(Supplied data begins)

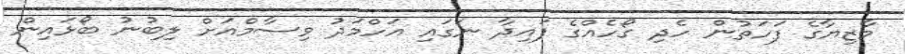
މާޒިޔާގެ ފަހަތުން ހެދި ގޯހެއްގެ ފައިދާ ނަގައި އަހްމަދު ވިސާމްއަށް ލިބުނު ބޯޅައިން
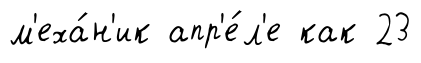
м'еха́н'ик апр'е́л'е как 23
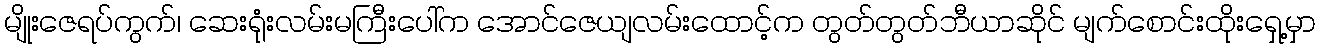
မျိုးဇေရပ်ကွက်၊ ဆေးရုံးလမ်းမကြီးပေါ်က အောင်ဇေယျလမ်းထောင့်က တွတ်တွတ်ဘီယာဆိုင် မျက်စောင်းထိုးရှေ့မှာ
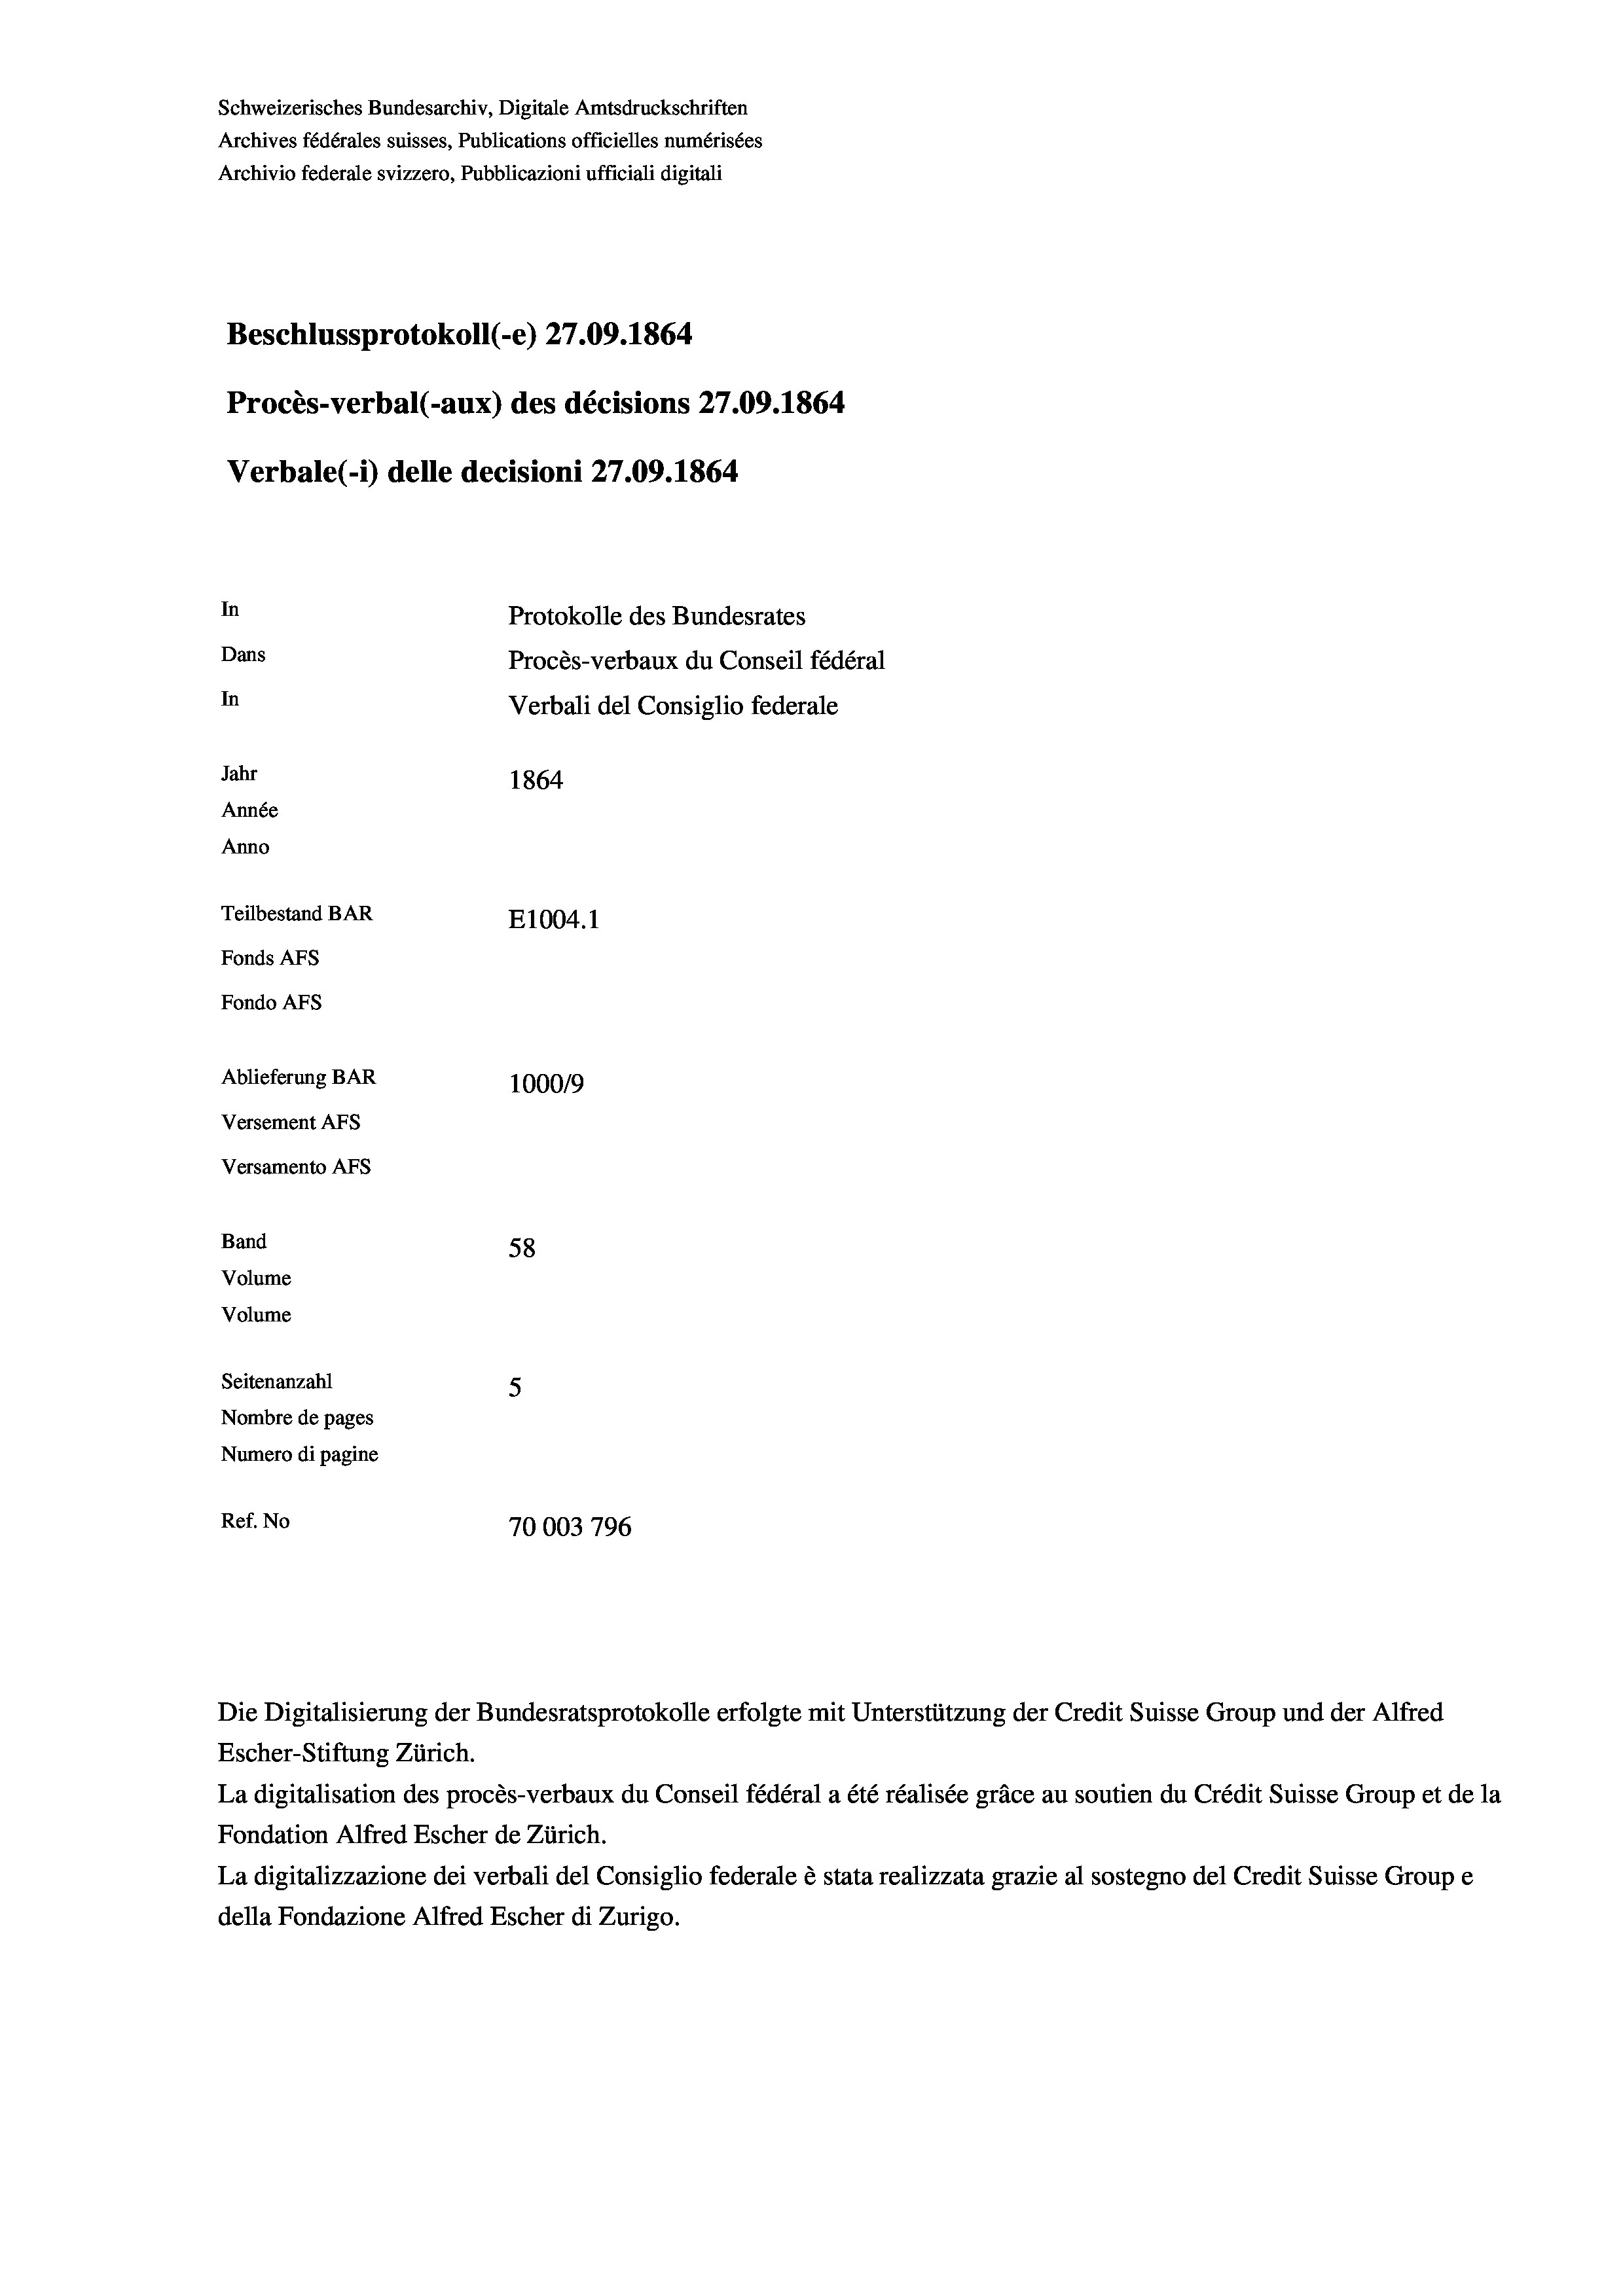
Schweizerisches Bundesarchiv, Digitale Amtsdruckschriften
Archives fédérales suisses, Publications officielles numérisées
Archivio federale svizzero, Pubblicazioni ufficiali digitali
Beschlussprotokoll (-e) 27.09. 1864
Procès-verbal (-aux) des décisions 27.09. 1864
Verbale (1) delle decisioni 27.09. 1864
In
Protokolle des Bundesrates
Dans
Procès-verbaux du Conseil fédéral
In
Verbali del Consiglio federale
Jahr
1864
Année
Anno
Teilbestand BAR
E1004. 1
Fonds AFs
Fondo AFs
Ablieferung BAR
100019
Versement AFs
Versamento Afs

58
5
Nombre de pages
Numero di pagine
Ref. No
70003 796

Band
Volume
Volume
Seitenanzahl

Escher-Stiftung Zürich.
La digitalisation des procès-verbaux du Conseil fédéral a été réalisée gräce au soutien du Crédit Suisse Group et de la
Fondation Alfred Escher de Zürich.
La digitalizzazione dei verbali del Consiglio federale è stata realizzata grazie al sostegno del Credit Suisse Groupe
della Fondazione Alfred Escher di Zurigo.

Die Digitalisierung der Bundesratsprotokolle erfolgte mit Unterstützung der Credit Suisse Group und der Alfred

(Supplied data ends)

▶ What the exercise asks: What is needed is an exact copy of the lines from the one containing "Versamento Afs" through the final line of the data, both included, and nothing more.

▶ Output of the exercise:
Versamento Afs

58
5
Nombre de pages
Numero di pagine
Ref. No
70003 796

Band
Volume
Volume
Seitenanzahl

Escher-Stiftung Zürich.
La digitalisation des procès-verbaux du Conseil fédéral a été réalisée gräce au soutien du Crédit Suisse Group et de la
Fondation Alfred Escher de Zürich.
La digitalizzazione dei verbali del Consiglio federale è stata realizzata grazie al sostegno del Credit Suisse Groupe
della Fondazione Alfred Escher di Zurigo.

Die Digitalisierung der Bundesratsprotokolle erfolgte mit Unterstützung der Credit Suisse Group und der Alfred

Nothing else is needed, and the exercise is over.